Ayahuasca and the concept of reality. Ethnographic, theoretical, and experiential considerations. (cont.)
By Luis Eduardo Luna, Ph.D., F.L.S.
The
belief in spirits is nearly universal across ages. Shall we just
dismiss, in the name of advanced rational thinking, the existence of
other intelligent realms right here under our noses, only were we
able to attune ourselves to these other realities? Roberts (2006)
proposes the idea that that our minds function in many mindbody
states. Consequently he rejects what he calls the “singlestate
fallacy”: the erroneous assumption that all worthwhile
thinking, behaving, and emotions occur only in our ordinary, awake
mindbody state. Could it be then that there are mental state-bound
realities, only manifested under appropriate circumstances?
Traditional societies usually consider the cosmos as multi-layered,
normally depicted by anthropologists as worlds above and below middle
plain, this reality. Could it also be conceived as multidimensional
from within, depending on the state of consciousness? Is not this
perhaps the reason why ideas, events and imagery during our dreams
(as well as often in the hypnagogic state previous to falling asleep)
lose all their meaning immediately after waking, even though
apparently our other self, the one in the dream, found no
contradiction? Dreams and visions are equated in many cultures.
Perhaps visions are a form of conscious dreams. According to
Winkelman (2010) the physiological properties of ASC (altered states
of consciousness) indicate that the visionary experiences are
produced by the information capacities of the lower brain systems,
and tap into the dream capacity, an ancient mammalian adaptation for
integrating information in the pre-language symbolic capacity
represented in the visual system
Neurons alone aren't sufficiently complex to explain all brain
phenomena and provide a computational model for thought. Roger
Penrose and Stuart Hameroff (Penrose 1996) propose that consciousness
emerges from biophysical processes acting at the subcellular level
involving cytoskeletal structures. Consciousness is attributed to
quantum computation in cytoskeletal proteins organized into a network
of microtubules within the brain’s neurons. Ede Frecska (2005)

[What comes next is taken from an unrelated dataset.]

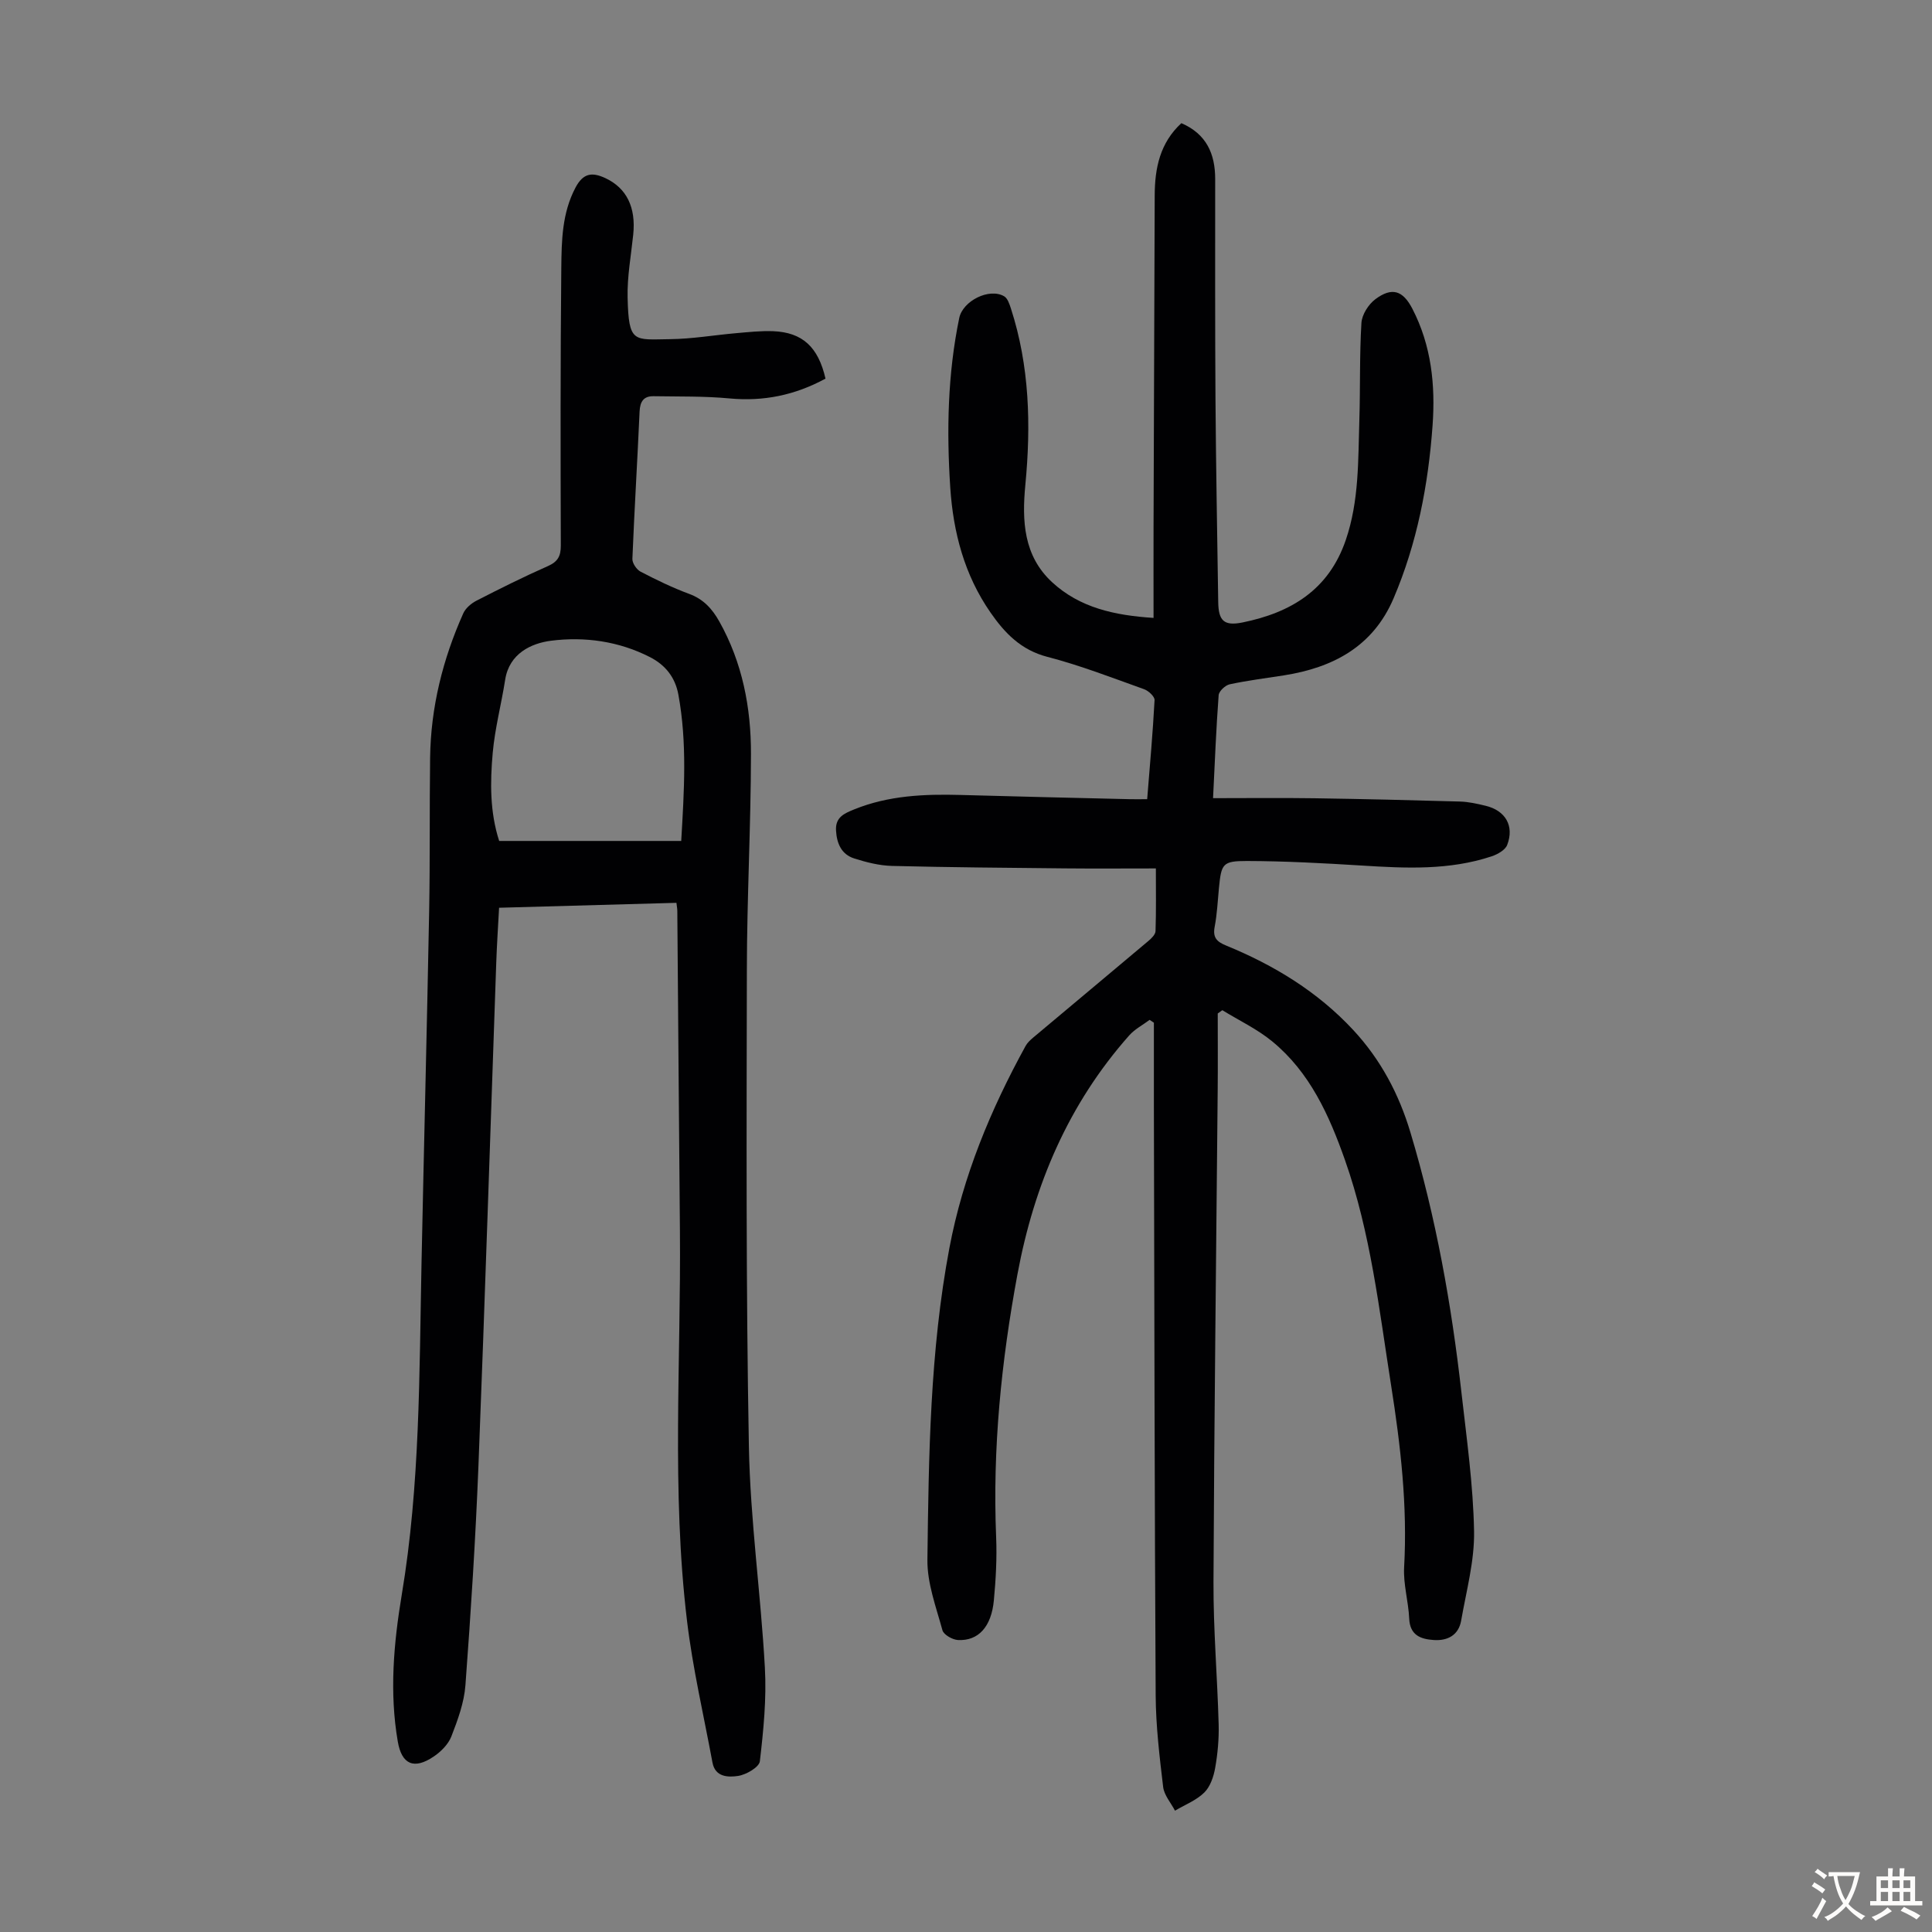 <svg enable-background="new 0 0 400 400" viewBox="0 0 400 400" xmlns="http://www.w3.org/2000/svg"><rect x="0" y="0" width="400" height="400" fill="#808080" stroke="none"/><path d="m244.59 25.5c5.16 2.22 7 6.31 7 11.55 0 15.1-.04 30.21.06 45.31.1 14.1.36 28.2.57 42.3.06 3.85 1.18 5 5.05 4.21 9.96-2.03 17.81-6.7 21.35-17.04 2.79-8.14 2.55-16.52 2.82-24.88.21-6.7.02-13.42.43-20.1.11-1.72 1.45-3.83 2.88-4.9 3.44-2.57 5.7-1.82 7.66 1.96 3.94 7.61 4.79 15.8 4.19 24.16-.89 12.33-3.2 24.38-8.08 35.82-4.26 9.98-12.54 14.34-22.71 15.94-3.74.59-7.52 1.05-11.22 1.85-.91.2-2.21 1.41-2.28 2.24-.51 6.79-.78 13.59-1.16 21.33 7.14 0 14.04-.08 20.93.02 10.07.15 20.13.39 30.19.68 1.77.05 3.55.45 5.28.87 4.13.98 6.01 4.16 4.5 8.11-.4 1.06-1.99 1.95-3.21 2.36-8.8 2.93-17.84 2.48-26.92 1.91-7.92-.49-15.85-.92-23.78-.94-5.04-.01-5.28.59-5.77 5.59-.26 2.67-.38 5.37-.88 8-.43 2.23.38 3.11 2.38 3.92 9.92 4.07 18.94 9.55 26.32 17.5 5.67 6.11 9.44 13.23 11.82 21.17 5.29 17.62 8.51 35.65 10.57 53.9 1.08 9.54 2.43 19.1 2.61 28.68.11 6.15-1.6 12.35-2.67 18.49-.52 3.02-2.79 4.23-5.66 4.04-2.71-.18-4.95-.97-5.1-4.44-.16-3.56-1.25-7.13-1.05-10.64.71-12.72-.73-25.2-2.71-37.73-2.47-15.68-4.22-31.49-9.54-46.57-3.26-9.25-7.26-18.16-15.06-24.56-3.11-2.56-6.87-4.33-10.33-6.46-.32.23-.64.45-.95.68 0 5.32.04 10.64-.01 15.96-.3 33.91-.73 67.82-.87 101.73-.04 9.83.8 19.67 1.07 29.5.08 3-.2 6.04-.72 9-.32 1.81-1.01 3.88-2.26 5.11-1.65 1.62-4 2.53-6.06 3.75-.85-1.63-2.24-3.19-2.45-4.89-.75-6.29-1.51-12.63-1.55-18.95-.23-40.63-.27-81.26-.37-121.89-.01-5.8 0-11.6 0-17.41-.29-.2-.59-.39-.88-.59-1.42 1.06-3.07 1.92-4.22 3.21-12.59 14.2-19.71 30.96-23.15 49.48-3.34 17.99-5.17 36.07-4.41 54.4.18 4.35-.06 8.74-.47 13.08-.51 5.5-3.22 8.45-7.43 8.23-1.15-.06-2.97-1.1-3.22-2.03-1.31-4.8-3.17-9.73-3.11-14.59.27-21.58.53-43.2 4.55-64.53 2.81-14.89 8.53-28.65 15.78-41.85.36-.66.98-1.23 1.57-1.73 7.95-6.68 15.93-13.33 23.87-20.02.63-.53 1.44-1.33 1.46-2.03.14-4.11.07-8.22.07-12.97-6.5 0-12.62.05-18.75-.01-11.96-.12-23.93-.21-35.89-.51-2.63-.07-5.3-.75-7.82-1.55-2.63-.84-3.61-3.08-3.76-5.79-.16-2.75 1.71-3.53 3.75-4.36 7.12-2.89 14.56-3.2 22.1-2.99 11.63.33 23.26.59 34.89.87 1.1.03 2.2 0 3.68 0 .56-6.98 1.17-13.74 1.53-20.51.04-.73-1.25-1.93-2.15-2.25-6.63-2.37-13.23-4.94-20.03-6.7-5.47-1.42-8.82-4.9-11.8-9.2-5.4-7.78-7.71-16.61-8.32-25.87-.77-11.75-.54-23.48 1.86-35.09.73-3.54 6.22-6.31 9.31-4.49.71.42 1.08 1.59 1.38 2.49 3.87 11.93 4.18 24.17 3 36.52-.72 7.47-.39 14.72 5.56 20.2 5.69 5.24 12.84 6.85 20.98 7.37 0-6.54-.02-12.77 0-19 .08-22.83.17-45.66.24-68.49.02-5.62 1.08-10.85 5.52-14.94z" fill="#010103"/><path d="m170.91 78.39c-6.34 3.44-12.84 4.76-19.88 4.1-5.2-.49-10.46-.37-15.69-.46-2.06-.04-2.82 1.07-2.92 3.16-.45 10.17-1.08 20.34-1.49 30.51-.04.89.87 2.23 1.7 2.66 3.27 1.7 6.6 3.32 10.06 4.6 2.96 1.09 4.76 3.09 6.23 5.7 4.79 8.53 6.58 17.86 6.56 27.44-.02 14.88-.83 29.76-.85 44.64-.06 32.9-.19 65.82.42 98.71.28 15.29 2.47 30.54 3.31 45.84.36 6.43-.29 12.95-1.04 19.36-.14 1.23-2.83 2.79-4.52 3.04-1.97.29-4.72.3-5.29-2.77-1.81-9.77-4.09-19.49-5.27-29.34-3.23-26.88-1.23-53.89-1.47-80.84-.2-22.05-.36-44.09-.54-66.14 0-.43-.09-.87-.18-1.68-12.18.34-24.31.68-36.72 1.02-.21 3.91-.46 7.68-.59 11.45-1.22 34.67-2.32 69.35-3.68 104.01-.6 15.19-1.57 30.37-2.7 45.53-.27 3.59-1.59 7.18-2.91 10.58-.64 1.64-2.17 3.17-3.68 4.18-4.06 2.74-6.6 1.61-7.41-3.11-1.76-10.18-.85-20.37.82-30.41 3.8-22.74 3.62-45.68 4.09-68.59.5-24.28 1.12-48.55 1.58-72.83.2-10.63.06-21.26.2-31.89.14-10.43 2.62-20.37 6.86-29.86.48-1.08 1.64-2.07 2.73-2.63 4.87-2.5 9.77-4.95 14.78-7.16 2.08-.92 2.7-2.07 2.69-4.29-.06-19.14-.09-38.28.1-57.42.06-5.66.14-11.38 2.95-16.68 1.59-2.99 3.41-3.23 6.18-1.94 4.36 2.04 6.36 6 5.76 11.72-.45 4.33-1.26 8.68-1.16 13.01.22 9.51 1.25 8.7 8.78 8.61 4.56-.05 9.12-.84 13.68-1.24 2.56-.22 5.13-.51 7.69-.41 6.04.25 9.32 3.26 10.82 9.82zm-29.87 95.72c.6-10.29 1.25-20.3-.59-30.3-.65-3.55-2.67-6.11-5.84-7.74-6.48-3.33-13.6-4.3-20.55-3.41-4.03.52-8.62 2.61-9.47 8.07-.79 5.07-2.13 10.08-2.58 15.17-.54 6.07-.6 12.22 1.34 18.21z" fill="#010103"/><g fill="#fcfbfa"><path d="m377.9 391.2c-.2.3-.4.5-.6.8-.7-.6-1.4-1-2.2-1.5.2-.3.4-.5.5-.8.6.4 1.4.8 2.3 1.5zm-1.8 6.1c-.2-.2-.5-.4-.9-.6.4-.6.8-1.2 1.2-1.9s.7-1.3.9-1.9c.3.3.5.5.8.7-.7 1.3-1.4 2.6-2 3.7zm2.2-9c-.3.3-.5.5-.6.8-.6-.6-1.3-1.1-2-1.5.3-.3.5-.5.6-.7.6.5 1.3.9 2 1.4zm.3.2v-.9h2 4.5c-.3 1.3-.6 2.5-1 3.6s-.9 2.1-1.4 3c.4.5 1 1 1.6 1.4s1.2.8 1.9 1.1c-.3.2-.5.4-.8.8-.4-.3-1-.7-1.6-1.2s-1.2-1.1-1.6-1.6c-.5.6-1.1 1.1-1.7 1.6s-1.4.9-2.1 1.4c-.1-.3-.3-.5-.7-.8.6-.2 1.2-.5 1.9-1s1.4-1.1 2-1.8c-.5-.8-.9-1.6-1.2-2.5s-.6-2-.8-3.2c-.4.1-.7.1-1 .1zm2.5 2.7c.3 1 .7 1.7 1 2.2.3-.5.6-1.1 1-2s.6-1.9.9-3h-3.2-.4c.1.9.3 1.8.7 2.8z"/><path d="m396.5 388.5v1.5 3.6h1.5v.9c-.4 0-1 0-1.7 0h-7.9c-.5 0-.9 0-1.2 0v-.9h1.3v-3.5c0-.7 0-1.2 0-1.6h2.4c0-.8 0-1.4 0-1.7h1c0 .3-.1.8-.1 1.7h1.5c0-.8 0-1.4 0-1.7h1c0 .3-.1.9-.1 1.7zm-8.2 9.2c-.2-.3-.5-.5-.8-.8.8-.3 1.4-.6 1.9-.9s1-.7 1.4-1.1c.3.3.6.5.9.8-1.6 1-2.8 1.6-3.4 2zm2.6-6.8v-1.6h-1.5v1.6zm0 2.7v-1.9h-1.5v1.9zm2.4-2.7v-1.6h-1.5v1.6zm0 2.7v-1.9h-1.5v1.9zm.2 2 .7-.8c.4.2.9.5 1.6.8s1.3.7 1.8 1c-.3.3-.5.5-.8.8-.4-.3-1.5-1-3.3-1.8zm2-4.7v-1.6h-1.4v1.6zm0 2.7v-1.9h-1.4v1.9z"/></g></svg>

proposes the existence of a dual foundation of knowledge. The first
one would be the ordinary, perceptual-cognitive-symbolic, which is
neuroaxonally based, is electrochemical (based on local effects), and
relies on sensory perception, cognitive processing, and symbolic
(visual, verbal, logical) language. It performs modeling, with an
implicit split subject-object: it peaks in Western scientific
thinking. The second one is the direct-intuitive-non local, its
medium being a subneural network, such as the microtubular network,
which connects the whole body, from head to toe, and based on
nonlocal correlations, so small (measured in nanometers) that they
are close to quantum physical measures. The cytoskeletal matrix, with
10,000,000 more units than neurons and may be immense enough to
contain holographic information about the whole universe via
non-local interaction. It is ineffable, experienced directly, without
subject-object split, perhaps the realm from where shamans and
mystics, the masters of nonlocality, after rigorous training and
symbolic death, get their information and powers when in altered
states of consciousness. This direct-intuitive-non local knowledge is
perhaps “The Forgotten Knowledge” in western
civilization, deemed nonexistent by academic Western science.